Un baril à 200 dollars serait une catastrophe pour l’économie mondiale. Pour rappel, en 2025, le cours du Brent était, en moyenne, de 69,10 dollars. Ces dernières années, la courbe du baril de pétrole s’est envolée lors du début du conflit en Ukraine. Le pic avait été atteint en août 2022 avec un tarif à 120 dollars le baril de brut.
A la pompe, cette hausse survenue durant les premiers mois de la guerre en Ukraine s’était traduite par un litre de gazole dépassant les 2 euros le litre, pic atteint en juin 2022.
Pour l’économie mondiale, la flambée des prix de l’essence est une des conséquences immédiates du conflit en Iran lancé le 28 février dernier.
En trois jours, le litre de gazole avait augmenté de 5 centimes en France.

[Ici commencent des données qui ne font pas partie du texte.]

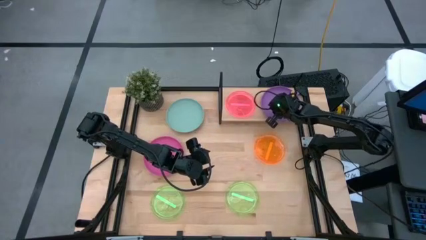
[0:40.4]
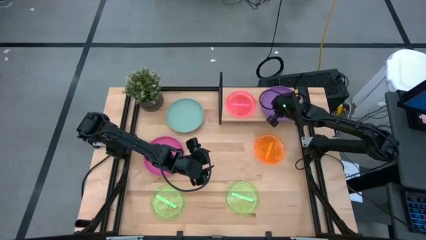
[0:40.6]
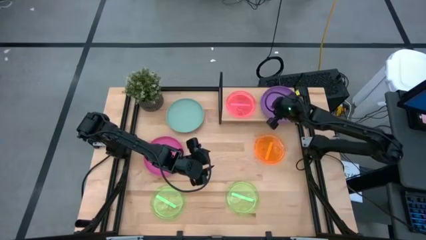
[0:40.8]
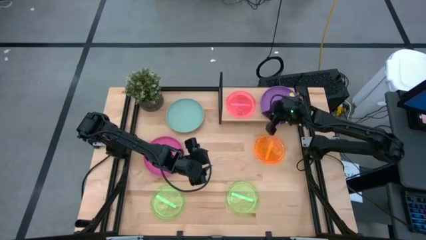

Le sans-plomb avait pris 4 centimes par litre. Les données étaient mises à jour le lundi, il faudra s’attendre à une hausse beaucoup plus forte dans les prochaines heures après plus d’une semaine de conflit.
Un « petit incident de parcours » pour Trump
Aux Etats-Unis, l’administration Trump fait également face à la flambée des prix de l’essence. Mais le président américain Donald Trump a qualifié la hausse vertigineuse des prix de l’essence et du diesel de « petit incident de parcours », semblant peu préoccupé par l’impact de la guerre sur les consommateurs américains à la pompe.
Le secrétaire américain à l’Énergie, Chris Wright, a déclaré à CNN que les États-Unis n’avaient « aucun projet » de frapper l’industrie pétrolière iranienne ou d’autres infrastructures énergétiques, comme l’a fait Israël. M. Wright a cherché à rassurer les Américains, affirmant que le prix moyen de l’essence repasserait sous la barre des 3 dollars dans les semaines à venir.